Yes, I have 1 too. Great gun. I plan to send my slide off later this year for nightsights to be installed.

Learn about changing the hammer spring for a "D" spring - it is the spring that is in the DAO model. It will lower the DA pull by a few pounds, and the SA pull by maybe 1 pound. It wills till be 100% reliable. I have been using D springs for years.

Also, see here for disassembly vids of the frame:

FREE Beretta 92FS Disassembly Guide - Please Donate


----------



## propellerhead (May 19, 2006)

I will look into the D spring. Thanks.


----------



## theberettaman (Jun 18, 2010)

congrats on the new rod.lookslike a keeper!!:smt023


----------



## Shipwreck (Jan 26, 2006)

I put hogue rubber grip panels on all my Berettas (except for the 90-Two, which has a slip-on polymer grip). Not the Hogue wrap-arounds - but just the grip panels. They aren't really any fatter, but they REALLY make the grip even nicer.


----------



## alleydude (Feb 1, 2010)

Schweet! Love the 92/M9 pistols. I would love to have an M9 myself. Too cool.:smt023


----------



## propellerhead (May 19, 2006)

Shot it at the range today. Very controllable. Nice crisp shots.


----------



## tpdoff (Apr 20, 2007)

Nice piece propellerhead, I just picked one up today and have been browsing the forums. Been awhile since I been on them but wanted to learn more about my new gun. I did notice that on the right side of the slide it's stamped mod 92FS but says m9a1 on the other side on the dust cover. Wonder what that is all about. I haven't got to shoot mine yet, looking forward to it. I have shot a great deal of regular M9's while I was in the Army, hopefully it does just as well. OH does yours have the plastic guide rod, I have heard that it's actually better then the metal one, it's fluted to let debris fall out and not get stuck between the rod and the spring, sounds good but does it really make a difference.


----------



## Shipwreck (Jan 26, 2006)

They put a standard 92FS slide on the M9A1 frame. 

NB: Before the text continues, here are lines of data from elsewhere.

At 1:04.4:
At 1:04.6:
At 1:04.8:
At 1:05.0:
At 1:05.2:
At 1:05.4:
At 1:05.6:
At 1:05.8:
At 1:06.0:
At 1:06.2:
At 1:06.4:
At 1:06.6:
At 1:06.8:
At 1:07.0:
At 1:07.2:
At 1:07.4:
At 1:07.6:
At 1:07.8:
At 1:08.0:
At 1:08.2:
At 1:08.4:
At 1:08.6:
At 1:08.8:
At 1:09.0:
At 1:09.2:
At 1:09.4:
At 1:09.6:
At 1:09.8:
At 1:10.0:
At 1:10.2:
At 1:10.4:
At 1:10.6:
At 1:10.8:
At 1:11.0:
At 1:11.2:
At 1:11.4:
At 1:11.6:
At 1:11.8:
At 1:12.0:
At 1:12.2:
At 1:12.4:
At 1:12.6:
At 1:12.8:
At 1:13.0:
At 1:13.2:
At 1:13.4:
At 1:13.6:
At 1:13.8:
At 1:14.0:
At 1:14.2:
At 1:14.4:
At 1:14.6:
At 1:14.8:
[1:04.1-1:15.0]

As for the plastic guiderod - they all went that route around '03 or '04.


----------



## gunluver (Jul 23, 2009)

Nice looking gun! I too, have been wanting a 92 series for a long time to add to my collection. Finally pulled the trigger and ordered the 92A1 version. It should be in to my dealer this week, I can't wait!!


----------



## Shipwreck (Jan 26, 2006)

gunluver said:


> Nice looking gun! I too, have been wanting a 92 series for a long time to add to my collection. Finally pulled the trigger and ordered the 92A1 version. It should be in to my dealer this week, I can't wait!!


Yes, I will get 1 of those too, to make 5 Berettas. I will get one in a couple of months. Gotta pay off the last gun purchase first


----------



## toopercentmlk (Apr 25, 2007)

*New M9A1 here as well!*

Hello everyone, Shipwreck, I just bought my M9A1 after about a year of ACTIVE searching. And I can't wait for it to get out of jail(california 10day). I haven't been on this board since first getting into handgun shooting a few years ago but I think I may be coming back considering my recent purchase. I'll post pictures of my M9A1 with my coyote brown gunner grips that I've had waiting as soon as I get the gun!


----------



## Shipwreck (Jan 26, 2006)

Mucho kewl!


----------



## propellerhead (May 19, 2006)

I love shooting mine. So smooth...


----------



## Shipwreck (Jan 26, 2006)

propellerhead said:


> I love shooting mine. So smooth...


Nice. 1 of mine is in rotation for my carry gun - either my 92FS or M9A1


----------



## toopercentmlk (Apr 25, 2007)

Shipwreck said:


> Nice. 1 of mine is in rotation for my carry gun - either my 92FS or M9A1


 How do you carry it? Vertec holster?


----------



## Shipwreck (Jan 26, 2006)

toopercentmlk said:


> How do you carry it? Vertec holster?


Yes, Vertec holster.

You'll just have .2 inch of the barrel sticking out the bottom usually.


----------